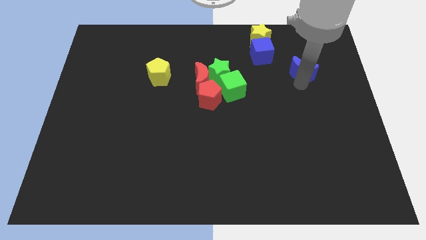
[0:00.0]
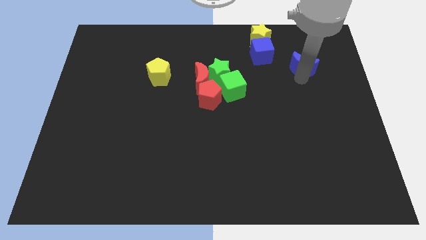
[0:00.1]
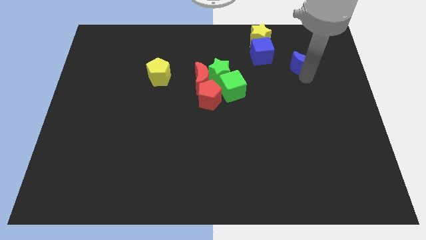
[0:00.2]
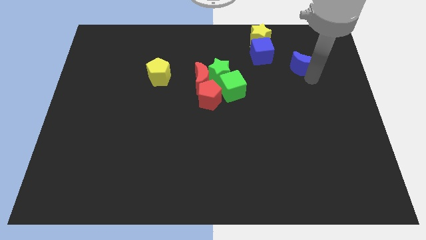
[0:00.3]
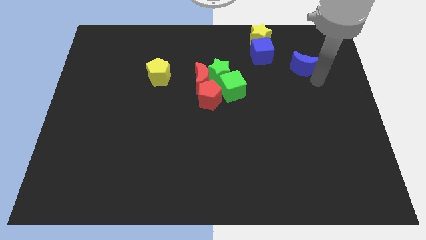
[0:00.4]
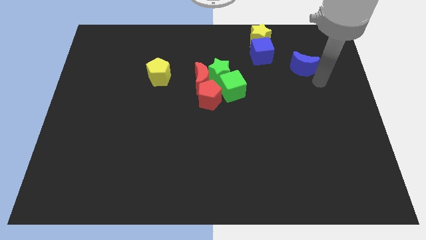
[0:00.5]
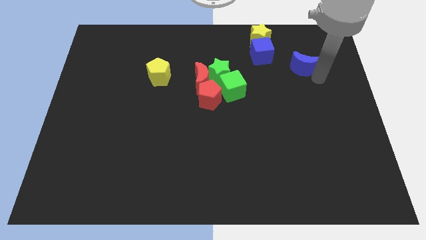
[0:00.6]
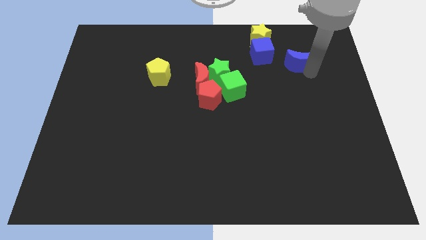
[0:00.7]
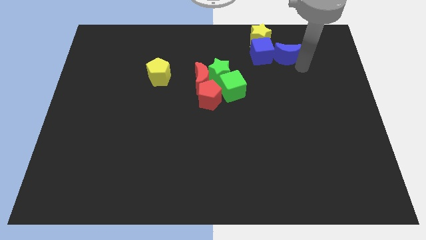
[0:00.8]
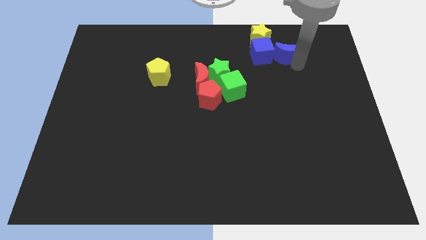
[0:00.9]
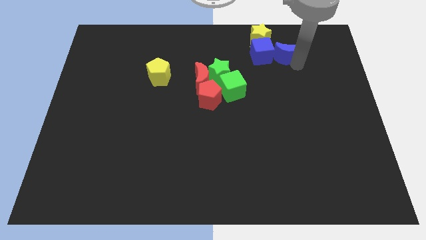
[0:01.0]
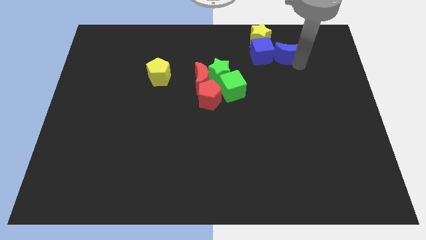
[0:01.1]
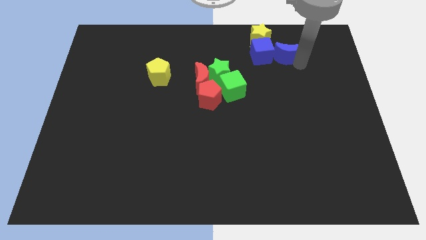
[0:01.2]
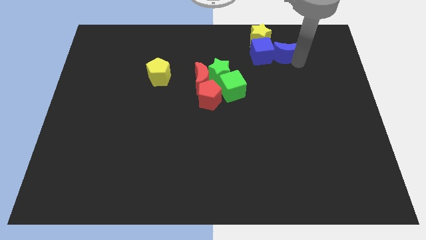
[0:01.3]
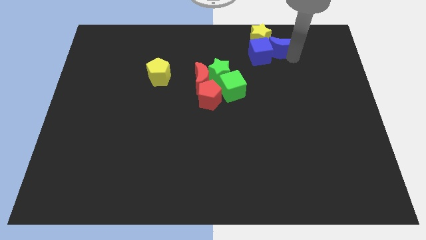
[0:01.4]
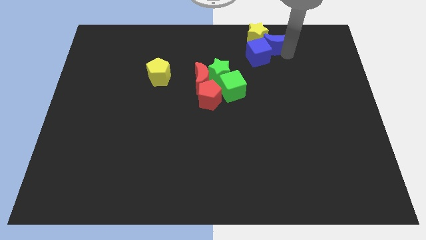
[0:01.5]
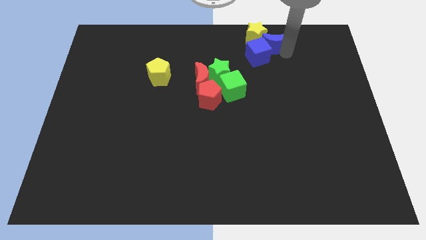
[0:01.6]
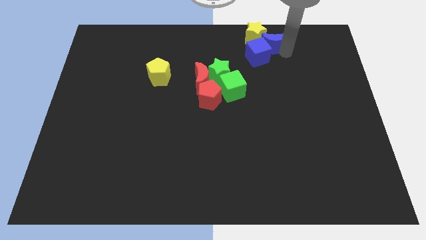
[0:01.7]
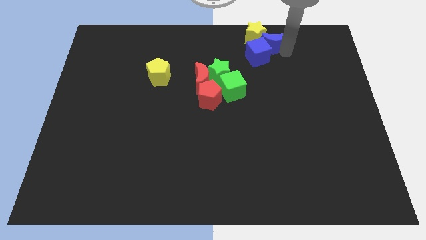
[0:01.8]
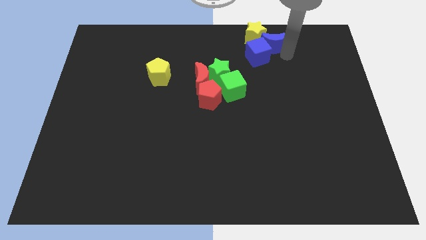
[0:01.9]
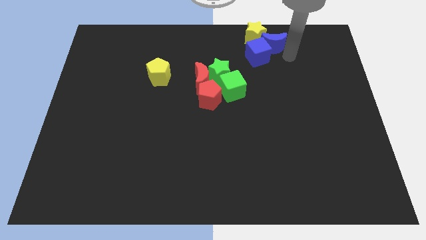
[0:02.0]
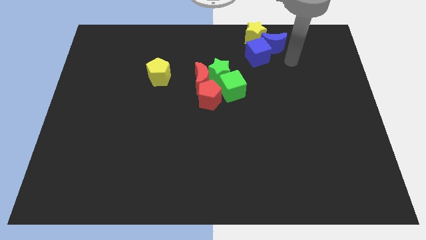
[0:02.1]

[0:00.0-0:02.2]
push blue moon into the yellow star and blue cube

Exercise brief: Please transcribe all of the entries word for word, with the pictures left out.

Result below:
[0:00.0]
[0:00.1]
[0:00.2]
[0:00.3]
[0:00.4]
[0:00.5]
[0:00.6]
[0:00.7]
[0:00.8]
[0:00.9]
[0:01.0]
[0:01.1]
[0:01.2]
[0:01.3]
[0:01.4]
[0:01.5]
[0:01.6]
[0:01.7]
[0:01.8]
[0:01.9]
[0:02.0]
[0:02.1]

[0:00.0-0:02.2]
push blue moon into the yellow star and blue cube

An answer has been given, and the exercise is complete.